Mexican Black Bean Wrap with Avocado & Tri-Color Slaw
Prep Time
20 mins
Total Time
20 mins

This Mexican Black Bean Wrap is the perfect summer recipe ... no cooking required!

Course: Sandwich
Cuisine: Mexican, Tex Mex
Keyword: black bean wrap, mexican black bean wrap, vegetarian wrap
Servings: 4 wraps
Author: Ginnie
For slaw:
  • 1/4 small cabbage, thinly sliced
  • 1 carrot, shredded
  • 1/2 red pepper, thinly sliced
  • 1/8 cup chopped cilantro
  • 1 lime
  • 1 teaspoon olive oil
  • 1/2 teaspoon cumin
  • 1/2 teaspoon salt
For beans:
  • 1 (15.5-ounce) can black beans
  • 1 teaspoon cumin
  • 1 teaspoon chili powder
  • 1/2 teaspoon salt
For wrap:
  • 1 avocado, sliced 1/4 inch thick
  • 4 large tortillas
Prepare slaw:
  1. Combine cabbage, carrots, red pepper, and cilantro in a medium bowl. Toss lightly.
  2. Cut lime in half. Slice one-half into four wedges.

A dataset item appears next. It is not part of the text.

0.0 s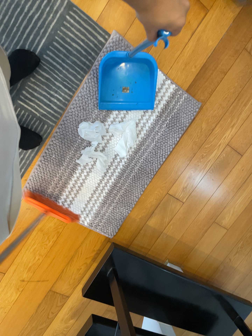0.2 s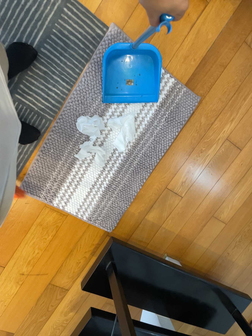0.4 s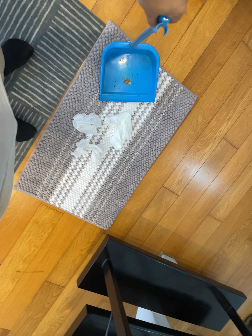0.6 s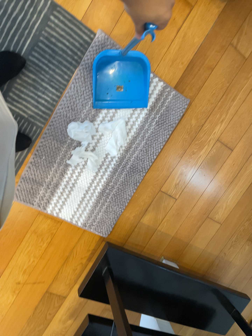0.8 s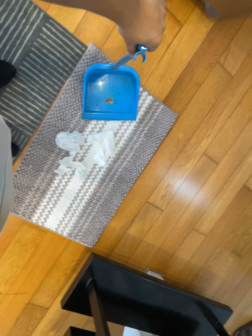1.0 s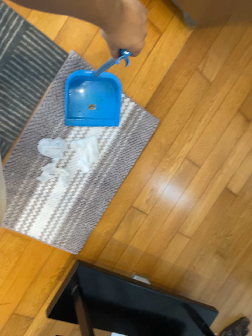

Set aside.
  3. Juice the other lime half. Add the juice to the vegetables, along with the olive oil, cumin, and salt.
  4. Mix slaw well. Set aside.
Prepare black beans:
  1. Drain black beans lightly but do not rinse. Place them in a medium bowl.
  2. Add cumin, chili powder, and salt to the black beans. Using a potato masher, mash the beans and spices together until the beans are about 3/4 smashed.
  3. Stir beans well. Taste and add additional salt, if necessary. Set aside.
Assemble wraps:
  1. Place one tortilla on a flat surface. Spread center of tortilla with 1/4 of the black beans.

  2. Top beans with 1/4 of the sliced avocado, then 1/4 of the slaw.

  3. Fold up tortilla like a burrito.

  4. Repeat with remaining ingredients to make four wraps.
  5. Serve wraps with lime wedges. Enjoy!

If your tortillas are stiff, microwave them for 15 seconds before assembling your wraps.